Its angering, frustrating and frightening to accept the facts that dialysis and/or transplant is forever. There is no other treatment or cure for kidney failure. This will be part of her life (and yours) for the rest of her life. There are people around that can help you both with coping tips. The social worker, dietitian and nurses at the clinic can help with coping ideas. You are not alone in this, neither is your mother. REACH out and be sure to have your specific questions and concerns available to get the answers you'll both need. You are not alone. Blessings


I agree with cs65, if you can go to dialysis with her I think that would help you feel more involved and understand better. Here's some information on dialysis to help you learn more about all the options: kidney.org/atoz/atozTopic_D... She should also ask about transplant: kidney.org/atoz/atozTopic_T...

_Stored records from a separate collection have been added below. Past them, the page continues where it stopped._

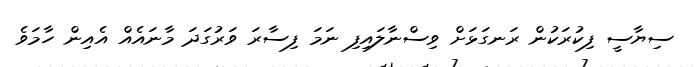
ސިޔާސީ ފިކުރަކުން ރަނގަޅަށް ވިސްނާލައިފި ނަމަ ފިސާރަ ވަރުގަދަ މާނައެއް އެއިން ހާމަވެ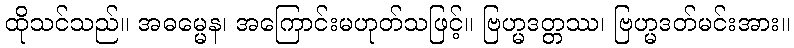
ထိုသင်သည်။ အဓမ္မေန၊ အကြောင်းမဟုတ်သဖြင့်။ ဗြဟ္မဒတ္တဿ၊ ဗြဟ္မဒတ်မင်းအား။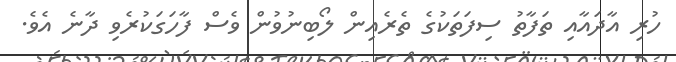
ހުރި އާދައާއި ތަފާތު ސިފަތަކުގެ ތެރެއިން ލޯބިނުވުން ވެސް ފާހަގަކުރެވި ދާނެ އެވެ.
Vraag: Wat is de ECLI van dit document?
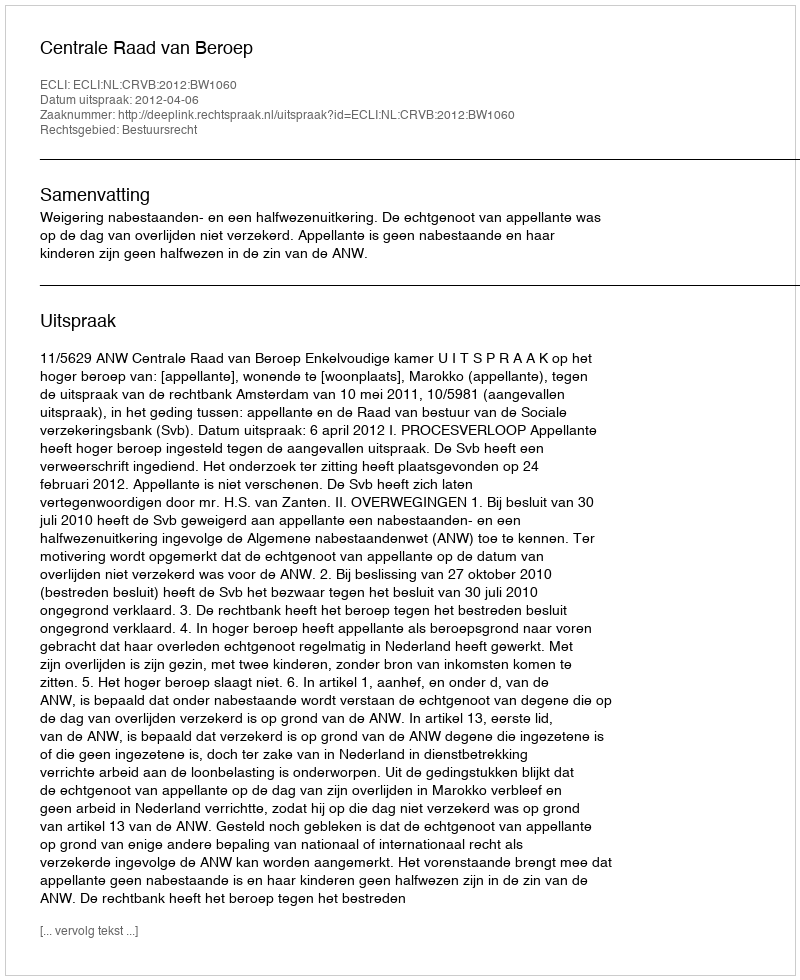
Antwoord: ECLI:NL:CRVB:2012:BW1060

Everyone has given you good advice. The only thing I want to add is that you should give yourself permission to consider your own goals and desires. The responsibility of caring for your mother seems to be causing a lot of stress for you. Even though your siblings are married and have families of their own, I think they still might be expected to contribute in some way to your mother's care. You should not feel as though you have to take this on all by yourself. And I don't think you should be expected to put your life on hold.

The AARP has a resource guide that helps caregivers find resources in their local communities. Here is the link: aarp.org/caregiving/local/i...

You shouldn't feel guilty about turning over some of the responsibility for your mother's care to other people.